Disadvantages of Clay Soils

If you’ve ever had to till or dig garden beds in clay, you’re probably already familiar with one of the main disadvantages. Clay soil is heavy. This makes working it quite troublesome. When it’s wet, it’s heavy and sticky. When it’s dry, it’s often brick-like.

This same characteristic also means that clay soil compacts easily. Especially when the soil is wet, walking on it or using equipment on it can cause severe compaction. Heavy, dense clay soil can be especially tough to deal with if you’re hoping to grow root vegetables like carrots. 

Some of its advantages can have a negative side, too. If you live in boggy or low areas, clay soil’s ability to hold water isn’t ideal and can lead to issues like root rot. Additionally, its ability to hold little particles also means that it can hold onto bad particles like salt, and changing the soil’s pH may take some serious work. 

What Do Clay Soils Need?

The best thing you can do to amend clay soil is to add plenty of organic matter. There are many ways to add organic, including compost, mulch, leaf mold, peat moss, and cover crops.

Don’t add sand. It can be a tempting choice to improve drainage, but it gets stuck between the clay particles and creates denser, brick-like soil. 

Though somewhat slow, cover crops are an excellent, affordable way to build up organic matter in the soil each season. They can help add nutrients and break up hard pans and compaction, allowing air and water into the soil.

White Clover (cover crop for clay soils)Using Cover Crops to Improve Clay Soils

There are several great cover crops for improving clay soil, and fall is a great time to plant them! While all cover crops are good, some excel in specific areas.

Cover Crops to Add Organic Matter

Clover

Clover is an all-around good choice for cover cropping. Clovers fix nitrogen and produce plenty of organic matter. White Clover can be sown in late winter, spring, summer, or fall. It also makes an excellent living mulch for pathways. Mowing these paths and collecting the material with a bagger gives you a consistent supply of mulch and organic matter for the beds they border.

Winter Wheat

Though generally grown as a cereal, winter wheat is also an excellent cover crop. It produces a large amount of mulch material, adding plenty of organic matter to the soil. It’s also easy to kill and less likely to get weedy than other cover crops. It’s also a great cover crop for no-till systems.

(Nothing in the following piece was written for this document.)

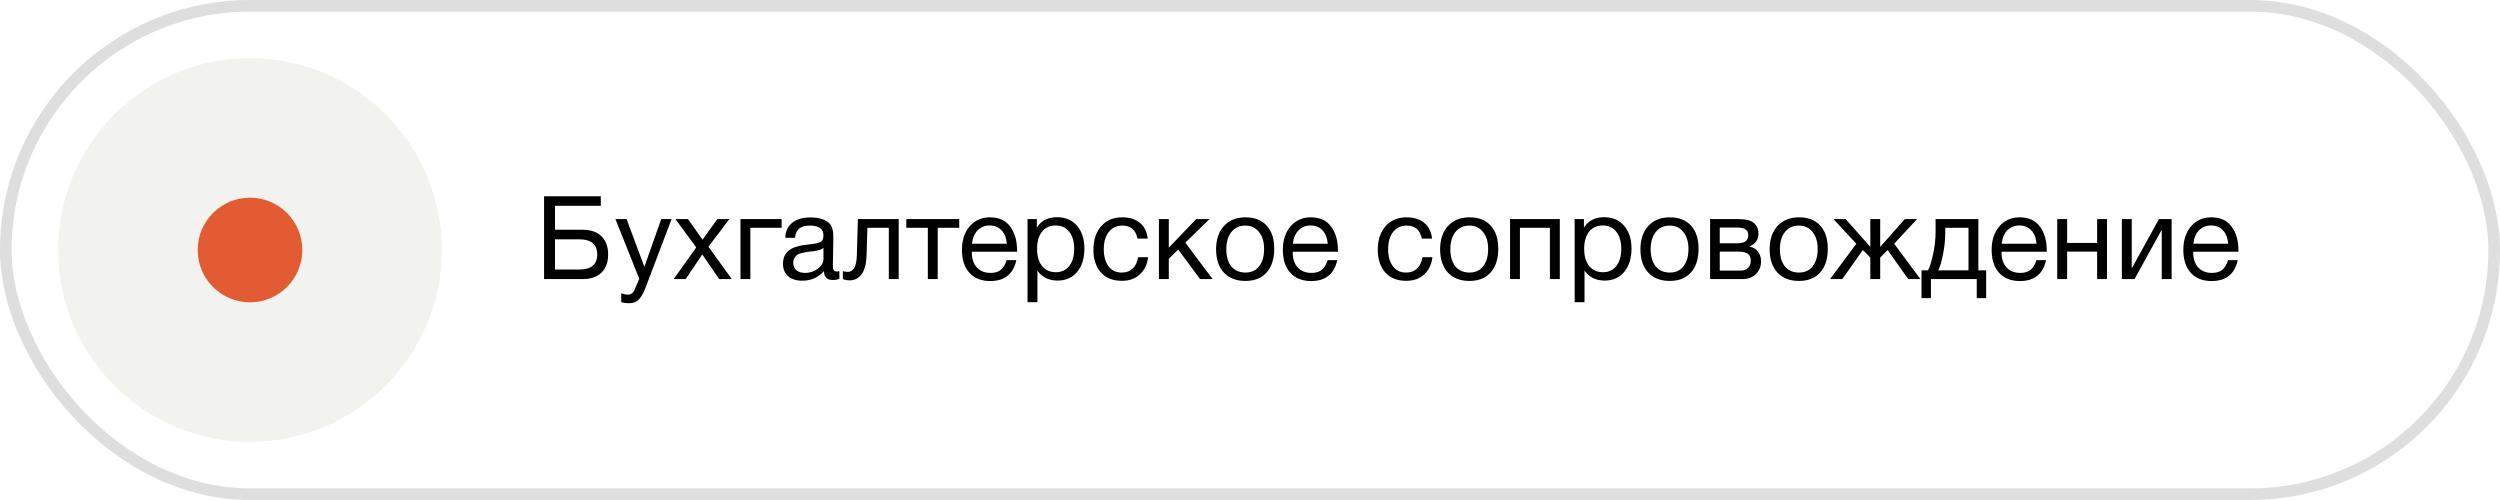 <?xml version="1.0" encoding="UTF-8"?> <svg xmlns="http://www.w3.org/2000/svg" width="215" height="43" viewBox="0 0 215 43" fill="none"><rect x="0.5" y="0.5" width="214" height="42" rx="21" stroke="#DEDEDE"></rect><path d="M47.73 19.76H50.11C50.81 19.76 51.35 19.947 51.73 20.32C52.11 20.693 52.3 21.217 52.3 21.89C52.3 22.557 52.107 23.077 51.72 23.45C51.34 23.817 50.803 24 50.11 24H46.79V16.88H51.67V17.7H47.73V19.76ZM51.36 21.89C51.36 21.017 50.84 20.58 49.8 20.58H47.73V23.18H49.8C50.84 23.18 51.36 22.75 51.36 21.89ZM57.756 18.84L55.546 24.66C55.459 24.893 55.382 25.073 55.316 25.2C55.256 25.333 55.166 25.477 55.046 25.63C54.932 25.79 54.792 25.903 54.626 25.97C54.466 26.043 54.276 26.08 54.056 26.08C53.889 26.08 53.679 26.05 53.426 25.99V25.23C53.672 25.303 53.856 25.34 53.976 25.34C54.256 25.34 54.456 25.197 54.576 24.91L54.976 23.97L52.926 18.84H53.886L55.416 22.95L56.866 18.84H57.756ZM62.726 18.84L60.926 21.22L62.936 24H61.846L60.396 21.88L58.966 24H57.936L59.876 21.28L58.086 18.84H59.166L60.416 20.61L61.696 18.84H62.726ZM67.222 19.59H64.531V24H63.681V18.84H67.222V19.59ZM72.187 23.32V23.98C72.013 24.047 71.82 24.08 71.607 24.08C71.12 24.08 70.87 23.827 70.857 23.32C70.37 23.867 69.747 24.14 68.987 24.14C68.48 24.14 68.077 24.01 67.777 23.75C67.483 23.49 67.337 23.133 67.337 22.68C67.337 21.76 67.947 21.223 69.167 21.07C69.247 21.057 69.363 21.043 69.517 21.03C70.097 20.963 70.453 20.887 70.587 20.8C70.74 20.693 70.817 20.51 70.817 20.25C70.817 19.683 70.427 19.4 69.647 19.4C69.247 19.4 68.943 19.483 68.737 19.65C68.53 19.81 68.407 20.077 68.367 20.45H67.537C67.55 19.897 67.747 19.467 68.127 19.16C68.507 18.853 69.03 18.7 69.697 18.7C70.423 18.7 70.963 18.867 71.317 19.2C71.43 19.307 71.513 19.447 71.567 19.62C71.62 19.793 71.65 19.937 71.657 20.05C71.663 20.157 71.667 20.32 71.667 20.54C71.667 20.793 71.66 21.177 71.647 21.69C71.633 22.203 71.627 22.587 71.627 22.84C71.627 23.027 71.65 23.16 71.697 23.24C71.75 23.313 71.843 23.35 71.977 23.35C72.03 23.35 72.1 23.34 72.187 23.32ZM70.817 21.32C70.757 21.367 70.693 21.407 70.627 21.44C70.56 21.473 70.473 21.5 70.367 21.52C70.267 21.54 70.197 21.557 70.157 21.57C70.123 21.577 70.037 21.59 69.897 21.61C69.757 21.623 69.683 21.63 69.677 21.63C69.47 21.657 69.333 21.677 69.267 21.69C69.207 21.697 69.087 21.723 68.907 21.77C68.733 21.817 68.61 21.87 68.537 21.93C68.463 21.99 68.39 22.08 68.317 22.2C68.25 22.313 68.217 22.45 68.217 22.61C68.217 22.877 68.307 23.087 68.487 23.24C68.673 23.393 68.927 23.47 69.247 23.47C69.653 23.47 70.017 23.35 70.337 23.11C70.657 22.87 70.817 22.587 70.817 22.26V21.32ZM77.288 18.84V24H76.438V19.59H74.598L74.528 21.87C74.508 22.657 74.364 23.227 74.098 23.58C73.831 23.933 73.498 24.11 73.098 24.11C72.851 24.11 72.648 24.073 72.488 24V23.31C72.574 23.357 72.724 23.38 72.938 23.38C73.138 23.38 73.308 23.273 73.448 23.06C73.594 22.84 73.674 22.473 73.688 21.96L73.778 18.84H77.288ZM82.494 19.59H80.644V24H79.794V19.59H77.944V18.84H82.494V19.59ZM87.407 22.37C87.147 23.57 86.397 24.17 85.157 24.17C84.397 24.17 83.801 23.933 83.367 23.46C82.941 22.987 82.727 22.33 82.727 21.49C82.727 20.657 82.947 19.983 83.387 19.47C83.834 18.95 84.414 18.69 85.127 18.69C85.921 18.69 86.507 18.96 86.887 19.5C87.274 20.033 87.467 20.71 87.467 21.53V21.65H83.587L83.577 21.71C83.577 22.257 83.721 22.687 84.007 23C84.294 23.313 84.687 23.47 85.187 23.47C85.561 23.47 85.854 23.383 86.067 23.21C86.287 23.037 86.457 22.757 86.577 22.37H87.407ZM86.587 20.96C86.547 20.467 86.397 20.083 86.137 19.81C85.877 19.53 85.534 19.39 85.107 19.39C84.694 19.39 84.351 19.53 84.077 19.81C83.804 20.09 83.641 20.473 83.587 20.96H86.587ZM89.168 18.84V19.57C89.542 18.977 90.122 18.68 90.909 18.68C91.629 18.68 92.198 18.923 92.618 19.41C93.045 19.897 93.258 20.557 93.258 21.39C93.258 22.223 93.049 22.89 92.629 23.39C92.215 23.883 91.655 24.13 90.948 24.13C90.209 24.13 89.632 23.847 89.219 23.28V25.99H88.368V18.84H89.168ZM90.778 19.39C90.285 19.39 89.895 19.57 89.609 19.93C89.329 20.283 89.189 20.773 89.189 21.4C89.189 22.027 89.332 22.52 89.618 22.88C89.912 23.233 90.308 23.41 90.808 23.41C91.295 23.41 91.678 23.23 91.959 22.87C92.239 22.51 92.379 22.02 92.379 21.4C92.379 20.773 92.235 20.283 91.948 19.93C91.668 19.57 91.278 19.39 90.778 19.39ZM98.736 22.12C98.663 22.74 98.426 23.233 98.026 23.6C97.633 23.967 97.12 24.15 96.486 24.15C95.706 24.15 95.103 23.91 94.676 23.43C94.25 22.943 94.036 22.297 94.036 21.49C94.036 20.63 94.26 19.95 94.706 19.45C95.153 18.943 95.756 18.69 96.516 18.69C97.15 18.69 97.656 18.85 98.036 19.17C98.416 19.483 98.64 19.933 98.706 20.52H97.826C97.673 19.773 97.24 19.4 96.526 19.4C96.033 19.4 95.643 19.583 95.356 19.95C95.07 20.31 94.926 20.8 94.926 21.42C94.926 22.047 95.063 22.54 95.336 22.9C95.61 23.26 95.986 23.44 96.466 23.44C96.853 23.44 97.166 23.327 97.406 23.1C97.653 22.873 97.81 22.547 97.876 22.12H98.736ZM104.287 24H103.207L101.327 21.46L100.517 22.25V24H99.667V18.84H100.517V21.3L102.877 18.84H104.017L101.937 20.87L104.287 24ZM105.263 19.43C105.716 18.937 106.333 18.69 107.113 18.69C107.893 18.69 108.5 18.927 108.933 19.4C109.366 19.873 109.583 20.537 109.583 21.39C109.583 22.263 109.366 22.943 108.933 23.43C108.5 23.917 107.89 24.16 107.103 24.16C106.316 24.16 105.7 23.92 105.253 23.44C104.806 22.96 104.583 22.293 104.583 21.44C104.583 20.593 104.81 19.923 105.263 19.43ZM108.273 19.95C107.986 19.583 107.593 19.4 107.093 19.4C106.593 19.4 106.196 19.583 105.903 19.95C105.61 20.317 105.463 20.807 105.463 21.42C105.463 22.053 105.606 22.55 105.893 22.91C106.186 23.263 106.593 23.44 107.113 23.44C107.613 23.44 108.003 23.26 108.283 22.9C108.57 22.54 108.713 22.043 108.713 21.41C108.713 20.797 108.566 20.31 108.273 19.95ZM115.005 22.37C114.745 23.57 113.995 24.17 112.755 24.17C111.995 24.17 111.398 23.933 110.965 23.46C110.538 22.987 110.325 22.33 110.325 21.49C110.325 20.657 110.545 19.983 110.985 19.47C111.432 18.95 112.012 18.69 112.725 18.69C113.518 18.69 114.105 18.96 114.485 19.5C114.872 20.033 115.065 20.71 115.065 21.53V21.65H111.185L111.175 21.71C111.175 22.257 111.318 22.687 111.605 23C111.892 23.313 112.285 23.47 112.785 23.47C113.158 23.47 113.452 23.383 113.665 23.21C113.885 23.037 114.055 22.757 114.175 22.37H115.005ZM114.185 20.96C114.145 20.467 113.995 20.083 113.735 19.81C113.475 19.53 113.132 19.39 112.705 19.39C112.292 19.39 111.948 19.53 111.675 19.81C111.402 20.09 111.238 20.473 111.185 20.96H114.185ZM123.189 22.12C123.116 22.74 122.879 23.233 122.479 23.6C122.086 23.967 121.573 24.15 120.939 24.15C120.159 24.15 119.556 23.91 119.129 23.43C118.703 22.943 118.489 22.297 118.489 21.49C118.489 20.63 118.713 19.95 119.159 19.45C119.606 18.943 120.209 18.69 120.969 18.69C121.603 18.69 122.109 18.85 122.489 19.17C122.869 19.483 123.093 19.933 123.159 20.52H122.279C122.126 19.773 121.693 19.4 120.979 19.4C120.486 19.4 120.096 19.583 119.809 19.95C119.523 20.31 119.379 20.8 119.379 21.42C119.379 22.047 119.516 22.54 119.789 22.9C120.063 23.26 120.439 23.44 120.919 23.44C121.306 23.44 121.619 23.327 121.859 23.1C122.106 22.873 122.263 22.547 122.329 22.12H123.189ZM124.53 19.43C124.984 18.937 125.6 18.69 126.38 18.69C127.16 18.69 127.767 18.927 128.2 19.4C128.634 19.873 128.85 20.537 128.85 21.39C128.85 22.263 128.634 22.943 128.2 23.43C127.767 23.917 127.157 24.16 126.37 24.16C125.584 24.16 124.967 23.92 124.52 23.44C124.074 22.96 123.85 22.293 123.85 21.44C123.85 20.593 124.077 19.923 124.53 19.43ZM127.54 19.95C127.254 19.583 126.86 19.4 126.36 19.4C125.86 19.4 125.464 19.583 125.17 19.95C124.877 20.317 124.73 20.807 124.73 21.42C124.73 22.053 124.874 22.55 125.16 22.91C125.454 23.263 125.86 23.44 126.38 23.44C126.88 23.44 127.27 23.26 127.55 22.9C127.837 22.54 127.98 22.043 127.98 21.41C127.98 20.797 127.834 20.31 127.54 19.95ZM130.713 24H129.863V18.84H134.143V24H133.293V19.59H130.713V24ZM136.219 18.84V19.57C136.593 18.977 137.173 18.68 137.959 18.68C138.679 18.68 139.249 18.923 139.669 19.41C140.096 19.897 140.309 20.557 140.309 21.39C140.309 22.223 140.099 22.89 139.679 23.39C139.266 23.883 138.706 24.13 137.999 24.13C137.259 24.13 136.683 23.847 136.269 23.28V25.99H135.419V18.84H136.219ZM137.829 19.39C137.336 19.39 136.946 19.57 136.659 19.93C136.379 20.283 136.239 20.773 136.239 21.4C136.239 22.027 136.383 22.52 136.669 22.88C136.963 23.233 137.359 23.41 137.859 23.41C138.346 23.41 138.729 23.23 139.009 22.87C139.289 22.51 139.429 22.02 139.429 21.4C139.429 20.773 139.286 20.283 138.999 19.93C138.719 19.57 138.329 19.39 137.829 19.39ZM141.757 19.43C142.21 18.937 142.827 18.69 143.607 18.69C144.387 18.69 144.994 18.927 145.427 19.4C145.86 19.873 146.077 20.537 146.077 21.39C146.077 22.263 145.86 22.943 145.427 23.43C144.994 23.917 144.384 24.16 143.597 24.16C142.81 24.16 142.194 23.92 141.747 23.44C141.3 22.96 141.077 22.293 141.077 21.44C141.077 20.593 141.304 19.923 141.757 19.43ZM144.767 19.95C144.48 19.583 144.087 19.4 143.587 19.4C143.087 19.4 142.69 19.583 142.397 19.95C142.104 20.317 141.957 20.807 141.957 21.42C141.957 22.053 142.1 22.55 142.387 22.91C142.68 23.263 143.087 23.44 143.607 23.44C144.107 23.44 144.497 23.26 144.777 22.9C145.064 22.54 145.207 22.043 145.207 21.41C145.207 20.797 145.06 20.31 144.767 19.95ZM147.069 24V18.84H149.459C149.799 18.84 150.089 18.87 150.329 18.93C150.569 18.983 150.779 19.107 150.959 19.3C151.139 19.493 151.229 19.757 151.229 20.09C151.229 20.597 150.976 20.967 150.469 21.2V21.21C150.776 21.27 151.016 21.413 151.189 21.64C151.363 21.86 151.449 22.14 151.449 22.48C151.449 22.92 151.303 23.283 151.009 23.57C150.716 23.857 150.339 24 149.879 24H147.069ZM149.369 20.92C149.723 20.92 149.973 20.863 150.119 20.75C150.273 20.63 150.349 20.457 150.349 20.23C150.349 20.003 150.276 19.837 150.129 19.73C149.983 19.623 149.729 19.57 149.369 19.57H147.899V20.92H149.369ZM147.899 21.64V23.27H149.719C149.986 23.27 150.193 23.19 150.339 23.03C150.493 22.87 150.569 22.663 150.569 22.41C150.569 21.897 150.236 21.64 149.569 21.64H147.899ZM152.87 19.43C153.324 18.937 153.94 18.69 154.72 18.69C155.5 18.69 156.107 18.927 156.54 19.4C156.974 19.873 157.19 20.537 157.19 21.39C157.19 22.263 156.974 22.943 156.54 23.43C156.107 23.917 155.497 24.16 154.71 24.16C153.924 24.16 153.307 23.92 152.86 23.44C152.414 22.96 152.19 22.293 152.19 21.44C152.19 20.593 152.417 19.923 152.87 19.43ZM155.88 19.95C155.594 19.583 155.2 19.4 154.7 19.4C154.2 19.4 153.804 19.583 153.51 19.95C153.217 20.317 153.07 20.807 153.07 21.42C153.07 22.053 153.214 22.55 153.5 22.91C153.794 23.263 154.2 23.44 154.72 23.44C155.22 23.44 155.61 23.26 155.89 22.9C156.177 22.54 156.32 22.043 156.32 21.41C156.32 20.797 156.174 20.31 155.88 19.95ZM160.207 21.5L158.437 24H157.387L159.647 20.96L157.677 18.84H158.727L160.827 21.21H160.847V18.84H161.697V21.21H161.717L163.817 18.84H164.867L162.897 20.96L165.157 24H164.107L162.337 21.5L161.697 22.15V24H160.847V22.15L160.207 21.5ZM170.81 25.64H170V24H166.06V25.64H165.25V23.25H165.81C165.97 22.943 166.117 22.47 166.25 21.83C166.39 21.183 166.46 20.553 166.46 19.94V18.84H170.14V23.25H170.81V25.64ZM169.29 23.25V19.59H167.29V20.02C167.29 20.627 167.227 21.243 167.1 21.87C166.98 22.49 166.843 22.95 166.69 23.25H169.29ZM175.962 22.37C175.702 23.57 174.952 24.17 173.712 24.17C172.952 24.17 172.355 23.933 171.922 23.46C171.495 22.987 171.282 22.33 171.282 21.49C171.282 20.657 171.502 19.983 171.942 19.47C172.389 18.95 172.969 18.69 173.682 18.69C174.475 18.69 175.062 18.96 175.442 19.5C175.829 20.033 176.022 20.71 176.022 21.53V21.65H172.142L172.132 21.71C172.132 22.257 172.275 22.687 172.562 23C172.849 23.313 173.242 23.47 173.742 23.47C174.115 23.47 174.409 23.383 174.622 23.21C174.842 23.037 175.012 22.757 175.132 22.37H175.962ZM175.142 20.96C175.102 20.467 174.952 20.083 174.692 19.81C174.432 19.53 174.089 19.39 173.662 19.39C173.249 19.39 172.905 19.53 172.632 19.81C172.359 20.09 172.195 20.473 172.142 20.96H175.142ZM177.773 24H176.923V18.84H177.773V20.89H180.353V18.84H181.203V24H180.353V21.64H177.773V24ZM183.57 24H182.48V18.84H183.33V23.05H183.35L185.67 18.84H186.76V24H185.91V19.79H185.89L183.57 24ZM192.446 22.37C192.186 23.57 191.436 24.17 190.196 24.17C189.436 24.17 188.84 23.933 188.406 23.46C187.98 22.987 187.766 22.33 187.766 21.49C187.766 20.657 187.986 19.983 188.426 19.47C188.873 18.95 189.453 18.69 190.166 18.69C190.96 18.69 191.546 18.96 191.926 19.5C192.313 20.033 192.506 20.71 192.506 21.53V21.65H188.626L188.616 21.71C188.616 22.257 188.76 22.687 189.046 23C189.333 23.313 189.726 23.47 190.226 23.47C190.6 23.47 190.893 23.383 191.106 23.21C191.326 23.037 191.496 22.757 191.616 22.37H192.446ZM191.626 20.96C191.586 20.467 191.436 20.083 191.176 19.81C190.916 19.53 190.573 19.39 190.146 19.39C189.733 19.39 189.39 19.53 189.116 19.81C188.843 20.09 188.68 20.473 188.626 20.96H191.626Z" fill="black"></path><circle opacity="0.07" cx="21.5" cy="21.5" r="16.5" fill="#43430F"></circle><circle cx="21.5" cy="21.5" r="4.5" fill="#E35B32"></circle></svg>

Mow it down in the spring and transplant it into the beds.

Buckwheat

Buckwheat is one of the fastest-growing cover crops. It can create tons of organic matter in just 30 to 45 days. We recommend sowing buckwheat with crimson clover for a fall or winter cover crop. The buckwheat acts as a nurse crop for the crimson clover during the heat of the day. In the fall, the buckwheat is killed by frost.

Cover Crops to Break Up Compacted Soil

Daikon Radishes

Daikon Radishes are popular for compacted soils because their tough, fast-growing roots easily break up the soil. They put on rapid fall growth, and winter kills them where temps regularly get below 20°F. 

The crop residue from daikons decomposes quickly and releases its nitrogen early. The channels created by radish roots improve infiltration, drainage, soil warming, and growth of the next crop’s root systems. 

Rye

Rye is a great winter cover crop with an extensive root system, making it an excellent choice for improving soil structure in compacted beds. Rye is very good at releasing phosphorus and potassium. It also stabilizes excess soil and manure nitrogen. 

Many of us gardeners of the Southeast grow our crops in red clay soils. While we’re thankful for the nutrients and other advantages they bring, they also have a few downfalls. One of the most affordable ways to improve these soils is to grow cover crops. Choose one of these cover crops and sow this fall to improve your clay soil this winter.